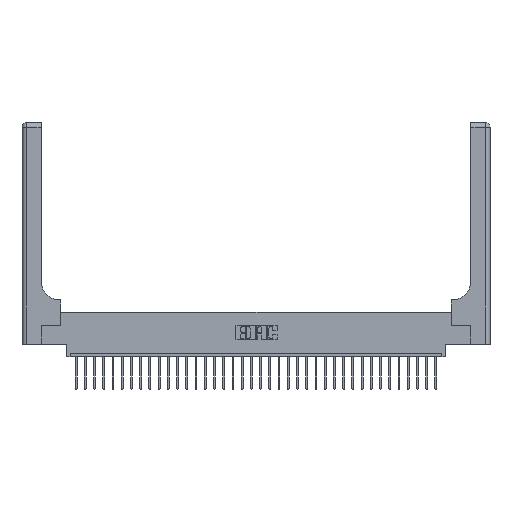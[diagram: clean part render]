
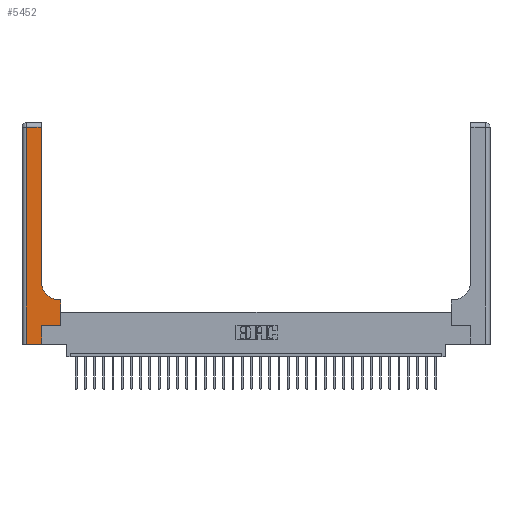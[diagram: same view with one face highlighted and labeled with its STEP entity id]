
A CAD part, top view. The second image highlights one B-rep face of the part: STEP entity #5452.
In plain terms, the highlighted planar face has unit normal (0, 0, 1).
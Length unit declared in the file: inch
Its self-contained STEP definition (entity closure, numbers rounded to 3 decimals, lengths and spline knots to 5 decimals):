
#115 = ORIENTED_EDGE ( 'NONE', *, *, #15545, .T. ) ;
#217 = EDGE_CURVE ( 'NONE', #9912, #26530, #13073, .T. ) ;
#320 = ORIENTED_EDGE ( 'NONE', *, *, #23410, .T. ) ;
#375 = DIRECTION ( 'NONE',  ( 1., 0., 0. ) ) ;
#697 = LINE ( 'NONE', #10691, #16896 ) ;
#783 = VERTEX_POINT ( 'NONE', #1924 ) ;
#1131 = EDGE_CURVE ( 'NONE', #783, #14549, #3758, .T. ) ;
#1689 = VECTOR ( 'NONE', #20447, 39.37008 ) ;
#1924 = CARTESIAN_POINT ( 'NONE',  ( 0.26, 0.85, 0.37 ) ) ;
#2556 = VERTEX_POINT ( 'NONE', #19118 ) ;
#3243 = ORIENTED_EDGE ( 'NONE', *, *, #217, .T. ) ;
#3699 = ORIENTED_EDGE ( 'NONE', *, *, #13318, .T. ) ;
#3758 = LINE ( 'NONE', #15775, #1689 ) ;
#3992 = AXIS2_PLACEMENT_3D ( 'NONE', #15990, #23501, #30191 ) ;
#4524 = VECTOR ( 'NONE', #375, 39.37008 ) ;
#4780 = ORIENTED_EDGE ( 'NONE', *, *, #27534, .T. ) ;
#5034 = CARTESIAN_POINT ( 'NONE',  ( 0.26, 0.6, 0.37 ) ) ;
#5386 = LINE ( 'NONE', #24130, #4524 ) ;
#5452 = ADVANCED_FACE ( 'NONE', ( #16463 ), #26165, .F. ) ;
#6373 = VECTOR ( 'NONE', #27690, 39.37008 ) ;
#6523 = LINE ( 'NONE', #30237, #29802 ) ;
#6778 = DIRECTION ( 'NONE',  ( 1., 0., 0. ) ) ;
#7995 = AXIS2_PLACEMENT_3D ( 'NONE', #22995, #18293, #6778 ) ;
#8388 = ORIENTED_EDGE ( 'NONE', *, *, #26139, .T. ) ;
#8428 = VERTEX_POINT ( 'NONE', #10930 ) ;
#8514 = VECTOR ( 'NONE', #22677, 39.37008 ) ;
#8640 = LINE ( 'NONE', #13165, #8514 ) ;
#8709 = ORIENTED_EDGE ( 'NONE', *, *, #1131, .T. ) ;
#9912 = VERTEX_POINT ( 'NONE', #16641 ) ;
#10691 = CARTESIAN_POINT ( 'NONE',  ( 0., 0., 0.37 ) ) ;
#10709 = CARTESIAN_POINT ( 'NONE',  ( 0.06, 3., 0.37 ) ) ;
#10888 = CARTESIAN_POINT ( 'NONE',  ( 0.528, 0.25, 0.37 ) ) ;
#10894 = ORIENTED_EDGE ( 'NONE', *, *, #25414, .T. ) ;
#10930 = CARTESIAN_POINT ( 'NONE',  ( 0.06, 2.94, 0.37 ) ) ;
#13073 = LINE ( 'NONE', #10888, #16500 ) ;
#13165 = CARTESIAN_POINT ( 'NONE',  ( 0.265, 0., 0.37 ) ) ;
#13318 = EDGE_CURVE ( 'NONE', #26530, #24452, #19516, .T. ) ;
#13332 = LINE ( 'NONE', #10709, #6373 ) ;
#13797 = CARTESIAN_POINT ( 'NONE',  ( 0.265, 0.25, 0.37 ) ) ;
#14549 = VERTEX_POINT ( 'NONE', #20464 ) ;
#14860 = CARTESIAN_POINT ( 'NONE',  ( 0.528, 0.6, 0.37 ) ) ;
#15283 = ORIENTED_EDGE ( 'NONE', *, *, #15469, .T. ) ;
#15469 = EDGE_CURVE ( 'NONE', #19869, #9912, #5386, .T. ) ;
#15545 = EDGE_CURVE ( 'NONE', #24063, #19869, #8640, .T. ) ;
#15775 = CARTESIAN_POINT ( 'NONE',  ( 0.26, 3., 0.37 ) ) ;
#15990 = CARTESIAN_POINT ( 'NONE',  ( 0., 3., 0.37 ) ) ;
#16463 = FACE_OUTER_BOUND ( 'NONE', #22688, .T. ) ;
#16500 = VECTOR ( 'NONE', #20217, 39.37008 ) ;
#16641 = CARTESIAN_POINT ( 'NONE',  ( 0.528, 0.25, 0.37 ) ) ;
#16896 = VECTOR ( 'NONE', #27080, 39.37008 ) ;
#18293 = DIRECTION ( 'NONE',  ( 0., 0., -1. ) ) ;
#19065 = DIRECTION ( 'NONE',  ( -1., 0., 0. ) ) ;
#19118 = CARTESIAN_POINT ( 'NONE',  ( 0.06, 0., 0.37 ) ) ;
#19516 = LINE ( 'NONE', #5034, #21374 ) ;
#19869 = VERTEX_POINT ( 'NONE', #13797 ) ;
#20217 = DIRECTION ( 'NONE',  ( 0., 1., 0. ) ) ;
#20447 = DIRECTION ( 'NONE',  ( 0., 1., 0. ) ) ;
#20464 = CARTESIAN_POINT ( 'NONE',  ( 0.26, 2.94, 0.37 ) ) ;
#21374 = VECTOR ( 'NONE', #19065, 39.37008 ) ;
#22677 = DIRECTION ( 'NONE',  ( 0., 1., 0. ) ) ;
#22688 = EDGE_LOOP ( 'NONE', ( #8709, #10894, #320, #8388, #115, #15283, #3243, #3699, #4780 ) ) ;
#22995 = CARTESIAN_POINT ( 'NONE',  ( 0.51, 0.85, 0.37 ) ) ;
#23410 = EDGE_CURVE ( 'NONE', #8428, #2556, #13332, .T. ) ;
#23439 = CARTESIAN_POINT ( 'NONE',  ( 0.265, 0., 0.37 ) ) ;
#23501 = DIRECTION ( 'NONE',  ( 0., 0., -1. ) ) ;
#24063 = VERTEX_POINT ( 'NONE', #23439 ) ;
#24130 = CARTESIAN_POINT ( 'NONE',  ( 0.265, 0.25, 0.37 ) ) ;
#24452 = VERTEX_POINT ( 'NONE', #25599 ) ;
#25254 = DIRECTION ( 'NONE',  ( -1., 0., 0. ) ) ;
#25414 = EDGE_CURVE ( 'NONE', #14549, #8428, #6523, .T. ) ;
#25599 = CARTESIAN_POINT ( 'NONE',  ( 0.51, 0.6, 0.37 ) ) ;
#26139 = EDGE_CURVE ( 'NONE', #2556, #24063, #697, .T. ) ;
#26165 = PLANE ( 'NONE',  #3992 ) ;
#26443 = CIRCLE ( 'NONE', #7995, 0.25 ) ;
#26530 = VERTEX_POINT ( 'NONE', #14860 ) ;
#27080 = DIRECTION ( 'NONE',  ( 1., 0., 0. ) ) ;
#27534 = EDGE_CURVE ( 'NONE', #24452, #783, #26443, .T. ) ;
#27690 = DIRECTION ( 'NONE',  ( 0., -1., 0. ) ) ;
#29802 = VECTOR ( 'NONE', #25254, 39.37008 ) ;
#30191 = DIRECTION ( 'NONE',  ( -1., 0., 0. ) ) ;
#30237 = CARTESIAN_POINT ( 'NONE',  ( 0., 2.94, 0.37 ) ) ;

---

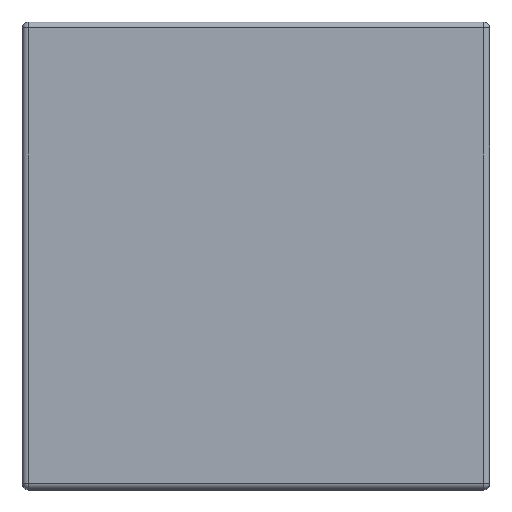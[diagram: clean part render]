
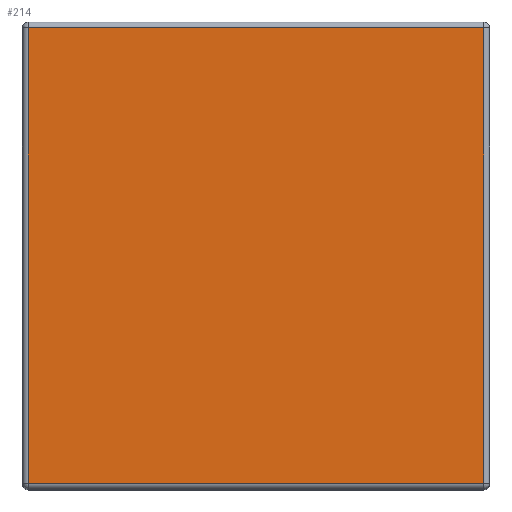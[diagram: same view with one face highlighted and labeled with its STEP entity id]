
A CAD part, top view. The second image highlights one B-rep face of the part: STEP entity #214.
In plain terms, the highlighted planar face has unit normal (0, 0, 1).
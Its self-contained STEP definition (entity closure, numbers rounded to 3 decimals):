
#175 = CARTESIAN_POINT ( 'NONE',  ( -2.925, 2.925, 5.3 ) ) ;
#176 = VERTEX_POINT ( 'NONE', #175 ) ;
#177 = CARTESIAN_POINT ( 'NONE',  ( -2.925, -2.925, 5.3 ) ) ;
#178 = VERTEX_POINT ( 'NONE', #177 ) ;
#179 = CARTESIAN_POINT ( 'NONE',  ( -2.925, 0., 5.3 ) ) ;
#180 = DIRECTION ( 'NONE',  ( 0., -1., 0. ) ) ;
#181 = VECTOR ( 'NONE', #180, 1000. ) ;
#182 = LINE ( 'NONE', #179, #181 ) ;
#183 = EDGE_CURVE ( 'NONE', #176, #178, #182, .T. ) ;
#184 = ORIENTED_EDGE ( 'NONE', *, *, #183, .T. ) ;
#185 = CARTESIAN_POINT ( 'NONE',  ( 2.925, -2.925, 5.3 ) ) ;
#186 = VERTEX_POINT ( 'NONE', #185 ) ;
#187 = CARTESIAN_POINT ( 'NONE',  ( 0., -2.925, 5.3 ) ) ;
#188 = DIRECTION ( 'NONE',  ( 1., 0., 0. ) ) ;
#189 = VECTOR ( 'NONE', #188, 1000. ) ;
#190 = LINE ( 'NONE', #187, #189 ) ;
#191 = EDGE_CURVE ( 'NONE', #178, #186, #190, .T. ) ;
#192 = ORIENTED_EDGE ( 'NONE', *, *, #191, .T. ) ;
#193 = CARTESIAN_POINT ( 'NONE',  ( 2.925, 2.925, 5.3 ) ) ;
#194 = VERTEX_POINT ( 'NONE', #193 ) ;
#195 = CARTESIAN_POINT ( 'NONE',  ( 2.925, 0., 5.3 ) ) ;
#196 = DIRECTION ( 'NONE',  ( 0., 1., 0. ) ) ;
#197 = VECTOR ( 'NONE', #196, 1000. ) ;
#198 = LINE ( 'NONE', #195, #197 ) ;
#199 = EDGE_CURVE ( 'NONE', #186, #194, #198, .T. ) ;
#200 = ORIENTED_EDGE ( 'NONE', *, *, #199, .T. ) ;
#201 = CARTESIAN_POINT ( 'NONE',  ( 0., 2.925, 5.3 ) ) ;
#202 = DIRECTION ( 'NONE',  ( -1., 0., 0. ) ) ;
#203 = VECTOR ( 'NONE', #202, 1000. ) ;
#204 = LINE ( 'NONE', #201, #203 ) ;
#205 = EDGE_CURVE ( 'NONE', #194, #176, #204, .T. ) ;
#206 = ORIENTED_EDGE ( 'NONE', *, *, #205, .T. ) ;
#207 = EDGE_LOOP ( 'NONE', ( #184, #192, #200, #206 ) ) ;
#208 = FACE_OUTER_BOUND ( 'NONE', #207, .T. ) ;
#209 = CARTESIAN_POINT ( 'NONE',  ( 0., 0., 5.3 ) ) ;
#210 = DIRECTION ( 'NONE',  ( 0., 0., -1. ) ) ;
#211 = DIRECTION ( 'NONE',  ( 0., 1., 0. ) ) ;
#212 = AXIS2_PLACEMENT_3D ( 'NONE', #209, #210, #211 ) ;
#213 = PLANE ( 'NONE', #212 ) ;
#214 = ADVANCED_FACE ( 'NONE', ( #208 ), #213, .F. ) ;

What to produce: Print, from the entries above, the line with "#203 = VECTOR ( 'NONE', #202, 1000. ) ;", the line with "#214 = ADVANCED_FACE" and all lines between them, exactly and with nothing else.

Task response:
#203 = VECTOR ( 'NONE', #202, 1000. ) ;
#204 = LINE ( 'NONE', #201, #203 ) ;
#205 = EDGE_CURVE ( 'NONE', #194, #176, #204, .T. ) ;
#206 = ORIENTED_EDGE ( 'NONE', *, *, #205, .T. ) ;
#207 = EDGE_LOOP ( 'NONE', ( #184, #192, #200, #206 ) ) ;
#208 = FACE_OUTER_BOUND ( 'NONE', #207, .T. ) ;
#209 = CARTESIAN_POINT ( 'NONE',  ( 0., 0., 5.3 ) ) ;
#210 = DIRECTION ( 'NONE',  ( 0., 0., -1. ) ) ;
#211 = DIRECTION ( 'NONE',  ( 0., 1., 0. ) ) ;
#212 = AXIS2_PLACEMENT_3D ( 'NONE', #209, #210, #211 ) ;
#213 = PLANE ( 'NONE', #212 ) ;
#214 = ADVANCED_FACE ( 'NONE', ( #208 ), #213, .F. ) ;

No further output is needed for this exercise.